DIRECTIONS: Using the data that follows, output only the lines from the line with "A fixed camera" up to and including the line with "The task given", exactly, leaving pictures aside.

EXERCISE DATA:
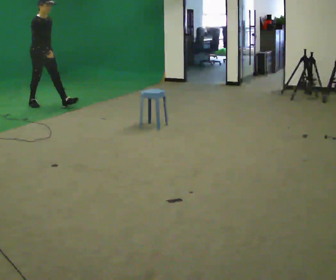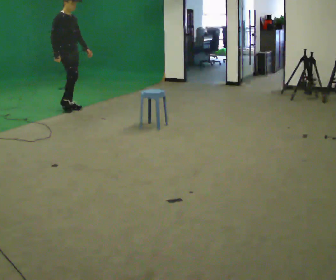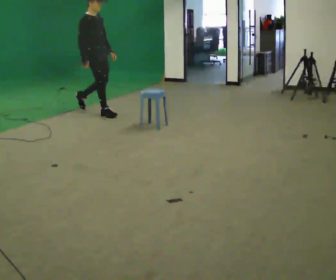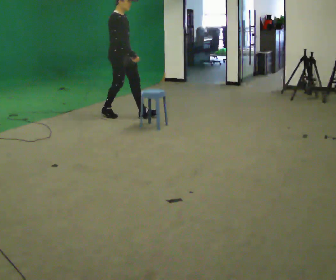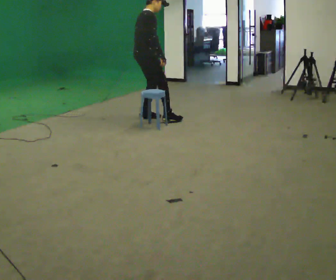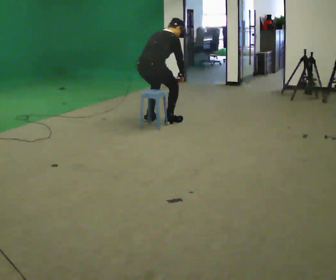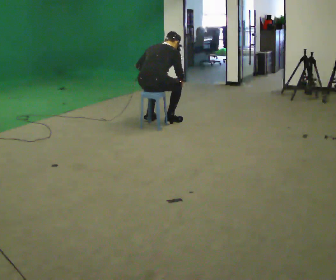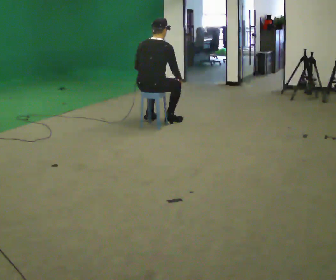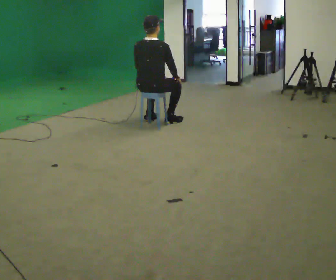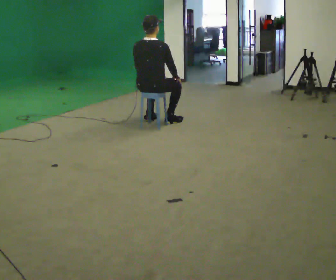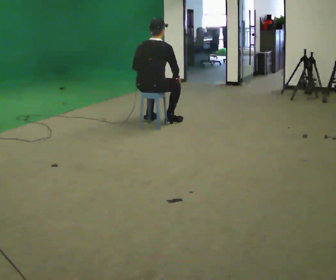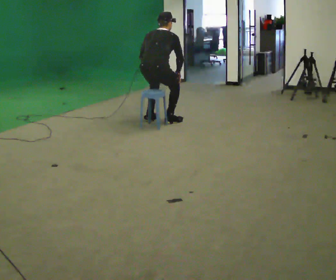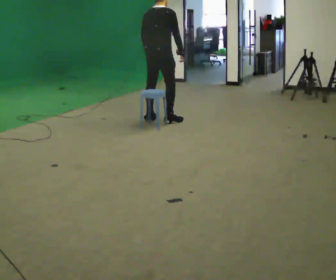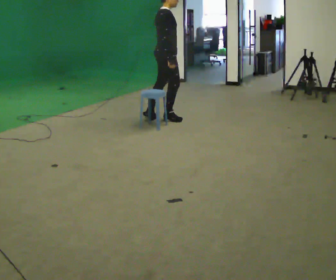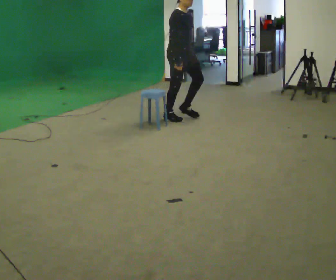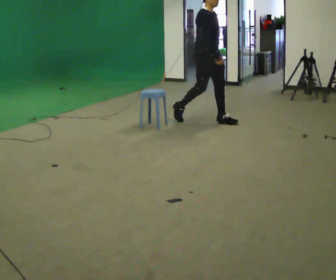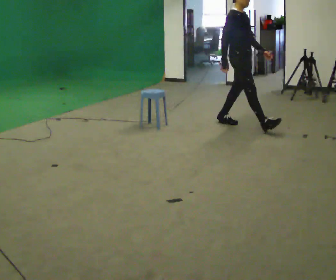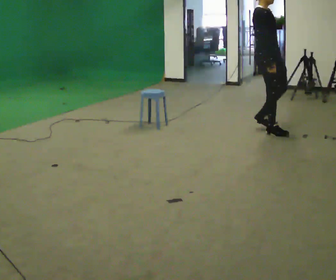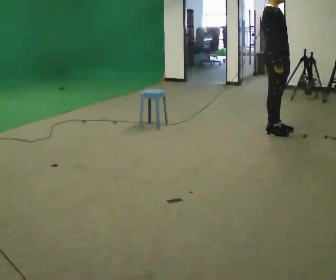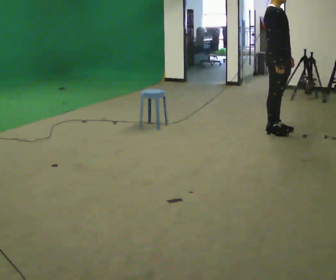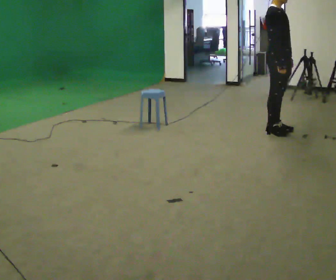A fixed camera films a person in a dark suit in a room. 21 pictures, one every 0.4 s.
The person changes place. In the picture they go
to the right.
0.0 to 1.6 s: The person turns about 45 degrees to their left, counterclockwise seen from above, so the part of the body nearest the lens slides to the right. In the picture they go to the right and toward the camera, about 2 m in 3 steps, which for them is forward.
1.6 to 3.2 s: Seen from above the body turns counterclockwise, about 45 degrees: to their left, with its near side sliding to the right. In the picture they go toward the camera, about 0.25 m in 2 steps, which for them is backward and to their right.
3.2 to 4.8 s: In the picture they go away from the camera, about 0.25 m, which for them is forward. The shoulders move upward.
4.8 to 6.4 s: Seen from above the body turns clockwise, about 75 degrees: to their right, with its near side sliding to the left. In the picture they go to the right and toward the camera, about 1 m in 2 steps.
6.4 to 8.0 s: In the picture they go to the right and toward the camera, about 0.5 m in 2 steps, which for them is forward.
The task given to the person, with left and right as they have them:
--
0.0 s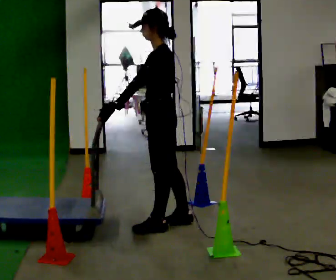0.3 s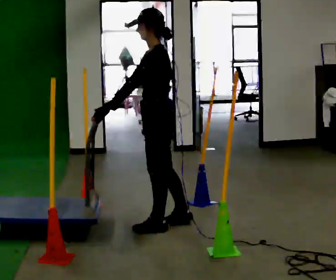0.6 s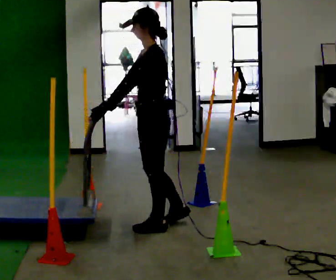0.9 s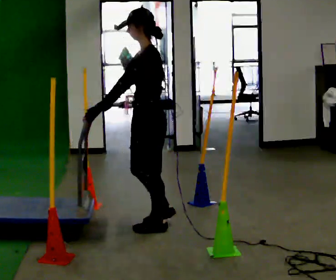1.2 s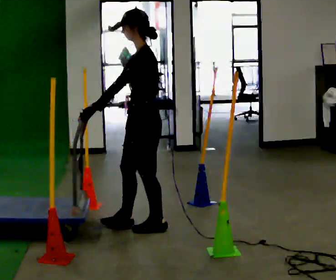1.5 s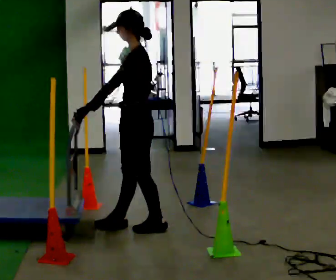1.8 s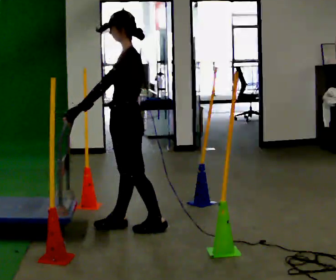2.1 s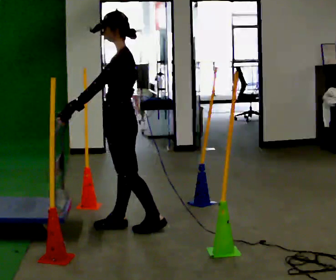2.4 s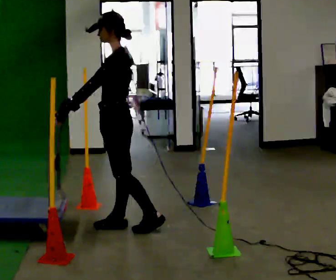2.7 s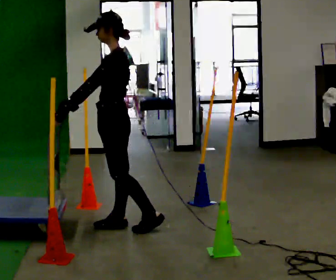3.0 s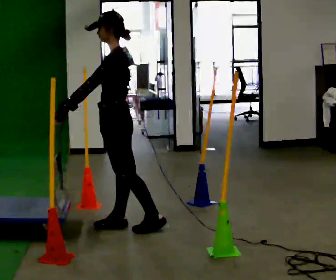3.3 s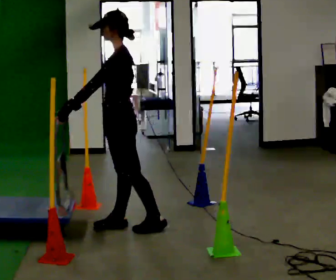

EXERCISE RESULT:
A fixed camera films a person in a dark suit in a room. 21 pictures, one every 0.4 s.
The person changes place. In the picture they go
to the right.
0.0 to 1.6 s: The person turns about 45 degrees to their left, counterclockwise seen from above, so the part of the body nearest the lens slides to the right. In the picture they go to the right and toward the camera, about 2 m in 3 steps, which for them is forward.
1.6 to 3.2 s: Seen from above the body turns counterclockwise, about 45 degrees: to their left, with its near side sliding to the right. In the picture they go toward the camera, about 0.25 m in 2 steps, which for them is backward and to their right.
3.2 to 4.8 s: In the picture they go away from the camera, about 0.25 m, which for them is forward. The shoulders move upward.
4.8 to 6.4 s: Seen from above the body turns clockwise, about 75 degrees: to their right, with its near side sliding to the left. In the picture they go to the right and toward the camera, about 1 m in 2 steps.
6.4 to 8.0 s: In the picture they go to the right and toward the camera, about 0.5 m in 2 steps, which for them is forward.
The task given to the person, with left and right as they have them:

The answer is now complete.